Peking University Sixth Hospital

Status

Not yet enrolling

Conditions

Heavy Drinking

Treatments

Dietary Supplement: Nitrate-rich beetroot juice

Study type

Interventional

Funder types

Other

Identifiers

NCT06777459
(2025)PKUh6(3)

Details and patient eligibility

About

It is known that alcohol consumption can lead to cognitive impairment and dysregulation of inflammatory responses. A preliminary randomized controlled trial conducted by our research team has suggested that nitrate may improve cognition in hospitalized patients with alcohol dependence. To further expand the population and applicability, this study aims to explore the effects of nitrate on cognition in a real-world population of heavy drinkers. The researchers have designed a two-stage clinical trial: the first stage involves the analysis of existing data, and the second stage will recruit 43-54 new participants for a 14-day dietary inorganic nitrate (nitrate-rich beetroot juice, ~750 mg NO3- /d) intervention.

Full description

No comments

Enrollment

43 estimated patients

Sex

All

Volunteers

No Healthy Volunteers

Inclusion criteria

A. Individuals with a history of heavy alcohol consumption (as defined below), who have continued heavy drinking within the past week and have no plans to quit drinking within the next month.
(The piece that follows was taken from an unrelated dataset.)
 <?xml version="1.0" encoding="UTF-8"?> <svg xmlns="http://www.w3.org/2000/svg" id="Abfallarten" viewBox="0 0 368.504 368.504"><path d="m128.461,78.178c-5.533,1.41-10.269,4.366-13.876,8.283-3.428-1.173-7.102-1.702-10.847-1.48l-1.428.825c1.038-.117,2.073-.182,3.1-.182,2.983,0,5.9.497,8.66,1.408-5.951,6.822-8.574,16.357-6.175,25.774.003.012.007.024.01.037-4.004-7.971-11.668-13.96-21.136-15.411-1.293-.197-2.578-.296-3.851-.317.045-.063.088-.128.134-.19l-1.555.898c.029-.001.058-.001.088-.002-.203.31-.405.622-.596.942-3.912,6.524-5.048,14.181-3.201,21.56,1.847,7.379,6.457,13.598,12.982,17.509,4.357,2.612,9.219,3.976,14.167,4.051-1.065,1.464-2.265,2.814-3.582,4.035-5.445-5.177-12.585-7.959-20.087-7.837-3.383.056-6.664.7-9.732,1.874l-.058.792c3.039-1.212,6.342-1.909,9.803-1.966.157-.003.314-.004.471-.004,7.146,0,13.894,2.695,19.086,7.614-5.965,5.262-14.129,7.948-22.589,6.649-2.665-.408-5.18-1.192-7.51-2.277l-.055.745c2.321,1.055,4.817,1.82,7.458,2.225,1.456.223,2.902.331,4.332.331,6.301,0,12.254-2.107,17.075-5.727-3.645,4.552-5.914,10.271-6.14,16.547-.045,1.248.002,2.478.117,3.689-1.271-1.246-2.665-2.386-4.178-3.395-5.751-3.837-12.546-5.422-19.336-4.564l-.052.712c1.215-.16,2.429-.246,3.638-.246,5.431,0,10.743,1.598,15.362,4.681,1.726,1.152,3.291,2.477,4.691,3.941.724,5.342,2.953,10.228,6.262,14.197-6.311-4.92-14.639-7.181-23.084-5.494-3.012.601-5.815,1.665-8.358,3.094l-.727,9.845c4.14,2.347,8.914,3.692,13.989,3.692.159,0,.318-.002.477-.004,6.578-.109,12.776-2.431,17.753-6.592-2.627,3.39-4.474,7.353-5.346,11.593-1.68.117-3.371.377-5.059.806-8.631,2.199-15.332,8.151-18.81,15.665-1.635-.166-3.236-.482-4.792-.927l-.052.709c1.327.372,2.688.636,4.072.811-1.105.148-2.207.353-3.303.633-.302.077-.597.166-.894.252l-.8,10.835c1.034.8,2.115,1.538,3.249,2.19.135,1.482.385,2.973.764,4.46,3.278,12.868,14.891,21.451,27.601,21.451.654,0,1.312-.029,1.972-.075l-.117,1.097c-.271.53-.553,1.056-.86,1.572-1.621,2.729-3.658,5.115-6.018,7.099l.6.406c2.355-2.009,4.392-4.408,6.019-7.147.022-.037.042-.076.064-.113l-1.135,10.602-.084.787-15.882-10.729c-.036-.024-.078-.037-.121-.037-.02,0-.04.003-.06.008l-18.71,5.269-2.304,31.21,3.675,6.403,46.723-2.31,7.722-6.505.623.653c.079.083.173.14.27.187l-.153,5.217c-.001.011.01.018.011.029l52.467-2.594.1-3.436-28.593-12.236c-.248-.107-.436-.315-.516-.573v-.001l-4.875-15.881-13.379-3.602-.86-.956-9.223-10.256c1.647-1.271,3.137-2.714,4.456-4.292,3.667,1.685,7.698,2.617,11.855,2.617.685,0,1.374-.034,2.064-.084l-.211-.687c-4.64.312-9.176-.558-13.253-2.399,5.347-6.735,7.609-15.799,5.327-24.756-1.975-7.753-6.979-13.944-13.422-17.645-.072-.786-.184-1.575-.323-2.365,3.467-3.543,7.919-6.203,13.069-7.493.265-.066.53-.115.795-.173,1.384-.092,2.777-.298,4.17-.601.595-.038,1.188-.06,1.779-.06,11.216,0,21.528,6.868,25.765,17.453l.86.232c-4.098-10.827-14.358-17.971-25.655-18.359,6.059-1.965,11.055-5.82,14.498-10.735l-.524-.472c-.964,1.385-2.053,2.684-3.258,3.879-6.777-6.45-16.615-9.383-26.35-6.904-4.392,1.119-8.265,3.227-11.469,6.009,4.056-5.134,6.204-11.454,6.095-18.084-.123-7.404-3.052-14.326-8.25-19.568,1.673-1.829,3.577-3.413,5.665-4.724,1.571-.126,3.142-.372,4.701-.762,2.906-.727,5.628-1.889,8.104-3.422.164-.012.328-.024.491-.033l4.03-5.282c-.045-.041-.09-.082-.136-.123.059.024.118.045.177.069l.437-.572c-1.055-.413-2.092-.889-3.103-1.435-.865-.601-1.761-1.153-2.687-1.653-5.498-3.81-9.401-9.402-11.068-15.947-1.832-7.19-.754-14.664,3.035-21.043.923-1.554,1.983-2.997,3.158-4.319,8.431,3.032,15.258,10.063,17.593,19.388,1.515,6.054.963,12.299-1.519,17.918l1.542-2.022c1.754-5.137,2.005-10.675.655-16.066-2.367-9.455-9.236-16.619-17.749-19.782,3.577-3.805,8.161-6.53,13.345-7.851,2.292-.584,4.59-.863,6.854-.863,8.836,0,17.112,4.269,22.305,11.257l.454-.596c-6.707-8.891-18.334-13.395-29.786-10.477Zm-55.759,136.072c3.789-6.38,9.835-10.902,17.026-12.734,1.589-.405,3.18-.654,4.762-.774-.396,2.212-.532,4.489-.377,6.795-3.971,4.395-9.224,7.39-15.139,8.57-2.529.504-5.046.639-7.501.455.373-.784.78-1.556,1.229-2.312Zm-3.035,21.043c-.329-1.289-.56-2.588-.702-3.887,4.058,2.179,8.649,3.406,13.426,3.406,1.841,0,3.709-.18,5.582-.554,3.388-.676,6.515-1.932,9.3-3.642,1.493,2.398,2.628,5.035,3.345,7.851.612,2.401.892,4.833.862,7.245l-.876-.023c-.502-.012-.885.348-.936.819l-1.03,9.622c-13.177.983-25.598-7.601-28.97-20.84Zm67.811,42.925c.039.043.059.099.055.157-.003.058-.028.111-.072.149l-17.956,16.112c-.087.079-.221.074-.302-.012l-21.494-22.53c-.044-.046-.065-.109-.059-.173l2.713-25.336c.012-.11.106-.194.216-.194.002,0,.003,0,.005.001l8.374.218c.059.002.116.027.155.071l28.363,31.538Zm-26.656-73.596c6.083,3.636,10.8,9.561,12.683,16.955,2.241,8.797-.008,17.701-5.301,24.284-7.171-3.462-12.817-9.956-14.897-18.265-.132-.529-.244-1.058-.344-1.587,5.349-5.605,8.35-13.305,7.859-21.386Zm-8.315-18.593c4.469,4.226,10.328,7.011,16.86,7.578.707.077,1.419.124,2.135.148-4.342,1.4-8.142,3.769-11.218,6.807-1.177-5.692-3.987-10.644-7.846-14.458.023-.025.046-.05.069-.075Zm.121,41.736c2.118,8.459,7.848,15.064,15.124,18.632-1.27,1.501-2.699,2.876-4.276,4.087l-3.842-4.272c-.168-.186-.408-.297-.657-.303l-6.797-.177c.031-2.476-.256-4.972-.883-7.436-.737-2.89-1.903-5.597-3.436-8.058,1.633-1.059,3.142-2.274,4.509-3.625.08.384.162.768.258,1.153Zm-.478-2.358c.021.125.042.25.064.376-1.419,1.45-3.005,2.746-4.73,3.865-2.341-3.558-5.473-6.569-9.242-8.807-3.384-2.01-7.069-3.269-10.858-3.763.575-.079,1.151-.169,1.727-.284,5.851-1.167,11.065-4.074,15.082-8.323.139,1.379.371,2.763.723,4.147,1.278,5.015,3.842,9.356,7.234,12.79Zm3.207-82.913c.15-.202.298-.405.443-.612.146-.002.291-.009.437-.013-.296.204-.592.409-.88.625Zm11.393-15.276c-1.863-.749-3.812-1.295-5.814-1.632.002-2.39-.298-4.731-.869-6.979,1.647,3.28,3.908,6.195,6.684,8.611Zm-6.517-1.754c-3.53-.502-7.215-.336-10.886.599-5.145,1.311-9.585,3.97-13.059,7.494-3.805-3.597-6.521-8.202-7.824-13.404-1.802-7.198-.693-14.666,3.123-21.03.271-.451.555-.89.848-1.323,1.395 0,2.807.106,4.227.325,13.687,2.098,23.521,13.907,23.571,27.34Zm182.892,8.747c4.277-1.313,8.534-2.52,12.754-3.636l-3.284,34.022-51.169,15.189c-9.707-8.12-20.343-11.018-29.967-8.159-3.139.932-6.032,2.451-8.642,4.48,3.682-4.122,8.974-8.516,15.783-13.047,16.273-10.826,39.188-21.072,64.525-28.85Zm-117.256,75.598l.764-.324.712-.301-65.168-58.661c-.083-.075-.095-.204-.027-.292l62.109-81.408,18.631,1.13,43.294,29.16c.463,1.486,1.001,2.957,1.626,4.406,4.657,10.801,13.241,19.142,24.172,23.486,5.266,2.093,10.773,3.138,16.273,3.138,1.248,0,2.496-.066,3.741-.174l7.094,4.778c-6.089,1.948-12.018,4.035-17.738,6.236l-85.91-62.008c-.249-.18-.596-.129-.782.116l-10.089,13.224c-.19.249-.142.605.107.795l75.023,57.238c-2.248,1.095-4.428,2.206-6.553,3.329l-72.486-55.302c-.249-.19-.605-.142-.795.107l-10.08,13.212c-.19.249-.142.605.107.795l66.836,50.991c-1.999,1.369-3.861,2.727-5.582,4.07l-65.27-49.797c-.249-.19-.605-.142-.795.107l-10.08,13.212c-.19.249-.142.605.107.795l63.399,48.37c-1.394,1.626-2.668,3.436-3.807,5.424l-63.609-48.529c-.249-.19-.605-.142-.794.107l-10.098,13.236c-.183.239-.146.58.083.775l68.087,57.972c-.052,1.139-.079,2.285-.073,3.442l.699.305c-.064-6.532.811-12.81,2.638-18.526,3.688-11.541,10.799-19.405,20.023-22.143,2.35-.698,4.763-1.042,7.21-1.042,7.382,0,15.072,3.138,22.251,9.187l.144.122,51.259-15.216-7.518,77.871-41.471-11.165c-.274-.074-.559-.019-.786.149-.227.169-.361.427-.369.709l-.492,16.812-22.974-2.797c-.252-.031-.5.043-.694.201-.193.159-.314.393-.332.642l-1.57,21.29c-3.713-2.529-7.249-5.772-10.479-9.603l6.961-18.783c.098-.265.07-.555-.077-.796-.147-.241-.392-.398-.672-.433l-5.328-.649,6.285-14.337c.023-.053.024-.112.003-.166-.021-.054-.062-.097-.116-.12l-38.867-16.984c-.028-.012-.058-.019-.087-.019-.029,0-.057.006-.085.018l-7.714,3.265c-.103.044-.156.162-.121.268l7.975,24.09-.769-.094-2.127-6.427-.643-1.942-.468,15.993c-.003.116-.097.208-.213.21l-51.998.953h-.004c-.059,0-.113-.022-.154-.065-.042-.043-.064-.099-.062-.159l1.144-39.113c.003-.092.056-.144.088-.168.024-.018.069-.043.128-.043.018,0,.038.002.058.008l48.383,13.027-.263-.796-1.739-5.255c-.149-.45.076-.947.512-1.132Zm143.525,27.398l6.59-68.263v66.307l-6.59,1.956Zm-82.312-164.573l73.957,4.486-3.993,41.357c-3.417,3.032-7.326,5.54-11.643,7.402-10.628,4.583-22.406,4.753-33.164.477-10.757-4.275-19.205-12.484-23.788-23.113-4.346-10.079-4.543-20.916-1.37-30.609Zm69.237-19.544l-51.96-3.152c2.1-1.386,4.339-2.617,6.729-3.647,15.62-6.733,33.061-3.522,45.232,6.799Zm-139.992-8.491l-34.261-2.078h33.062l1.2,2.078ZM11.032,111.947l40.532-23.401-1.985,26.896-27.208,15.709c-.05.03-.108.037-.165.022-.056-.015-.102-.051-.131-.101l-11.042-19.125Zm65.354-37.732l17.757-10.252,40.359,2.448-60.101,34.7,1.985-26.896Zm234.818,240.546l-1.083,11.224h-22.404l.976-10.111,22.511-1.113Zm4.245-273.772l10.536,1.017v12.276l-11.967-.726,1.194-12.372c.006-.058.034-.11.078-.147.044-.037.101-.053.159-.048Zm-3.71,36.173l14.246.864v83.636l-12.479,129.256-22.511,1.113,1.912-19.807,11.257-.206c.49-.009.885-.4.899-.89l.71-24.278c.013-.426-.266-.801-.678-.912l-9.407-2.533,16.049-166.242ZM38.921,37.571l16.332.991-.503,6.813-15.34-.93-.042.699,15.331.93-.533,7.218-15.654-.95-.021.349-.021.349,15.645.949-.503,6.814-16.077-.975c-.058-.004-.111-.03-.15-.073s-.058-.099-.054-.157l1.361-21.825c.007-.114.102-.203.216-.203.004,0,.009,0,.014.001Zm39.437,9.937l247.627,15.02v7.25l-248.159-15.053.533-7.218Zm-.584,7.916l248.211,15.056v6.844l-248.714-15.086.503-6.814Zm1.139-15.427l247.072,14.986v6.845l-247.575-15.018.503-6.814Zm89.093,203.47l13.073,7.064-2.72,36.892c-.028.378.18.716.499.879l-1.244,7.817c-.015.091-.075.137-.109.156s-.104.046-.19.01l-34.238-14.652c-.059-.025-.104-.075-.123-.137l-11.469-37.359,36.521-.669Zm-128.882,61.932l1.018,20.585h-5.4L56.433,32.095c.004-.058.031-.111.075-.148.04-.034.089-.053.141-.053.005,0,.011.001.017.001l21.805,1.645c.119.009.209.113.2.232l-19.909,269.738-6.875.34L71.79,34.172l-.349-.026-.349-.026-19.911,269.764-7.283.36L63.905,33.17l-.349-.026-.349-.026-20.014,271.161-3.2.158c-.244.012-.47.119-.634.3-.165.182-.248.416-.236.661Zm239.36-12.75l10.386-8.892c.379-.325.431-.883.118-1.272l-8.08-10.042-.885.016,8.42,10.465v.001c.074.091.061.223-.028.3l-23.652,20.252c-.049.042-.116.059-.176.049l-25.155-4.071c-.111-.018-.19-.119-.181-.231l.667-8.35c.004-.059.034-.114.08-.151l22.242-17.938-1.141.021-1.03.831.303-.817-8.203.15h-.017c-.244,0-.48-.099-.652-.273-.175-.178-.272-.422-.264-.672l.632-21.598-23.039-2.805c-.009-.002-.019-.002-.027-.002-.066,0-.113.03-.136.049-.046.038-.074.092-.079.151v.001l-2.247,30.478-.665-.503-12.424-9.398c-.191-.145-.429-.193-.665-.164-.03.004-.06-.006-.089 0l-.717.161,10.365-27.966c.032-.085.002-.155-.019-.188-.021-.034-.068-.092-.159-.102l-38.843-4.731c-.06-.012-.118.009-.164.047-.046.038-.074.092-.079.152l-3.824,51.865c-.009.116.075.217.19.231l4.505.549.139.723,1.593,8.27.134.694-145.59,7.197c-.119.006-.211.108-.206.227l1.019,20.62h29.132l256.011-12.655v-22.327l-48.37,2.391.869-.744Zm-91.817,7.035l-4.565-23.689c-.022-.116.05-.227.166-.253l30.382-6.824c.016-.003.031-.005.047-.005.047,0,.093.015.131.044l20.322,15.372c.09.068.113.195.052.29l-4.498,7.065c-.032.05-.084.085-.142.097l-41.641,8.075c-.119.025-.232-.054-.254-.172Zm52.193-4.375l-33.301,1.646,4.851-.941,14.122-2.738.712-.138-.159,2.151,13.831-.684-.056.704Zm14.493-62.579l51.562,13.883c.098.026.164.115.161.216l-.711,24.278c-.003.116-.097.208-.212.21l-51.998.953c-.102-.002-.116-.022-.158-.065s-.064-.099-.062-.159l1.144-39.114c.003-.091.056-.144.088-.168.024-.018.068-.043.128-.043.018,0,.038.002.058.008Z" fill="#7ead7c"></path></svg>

B. Individuals with a history of heavy alcohol consumption who are currently hospitalized due to alcohol dependence or alcohol use disorder, and are still undergoing treatment.

The CDC (Centers for Disease Control and Prevention) defines heavy alcohol consumption as follows: For males: more than 15 standard alcoholic drinks per week. For females: more than 8 standard alcoholic drinks per week. Here, one standard drink unit is approximately 14 grams of pure alcohol- C. A Montreal Cognitive Assessment (MoCA) score greater than 13.

Exclusion criteria

A. Individuals with a history of or current infectious diseases. B. Individuals with a history of or current severe cardiovascular, cerebrovascular, hepatic, or renal diseases.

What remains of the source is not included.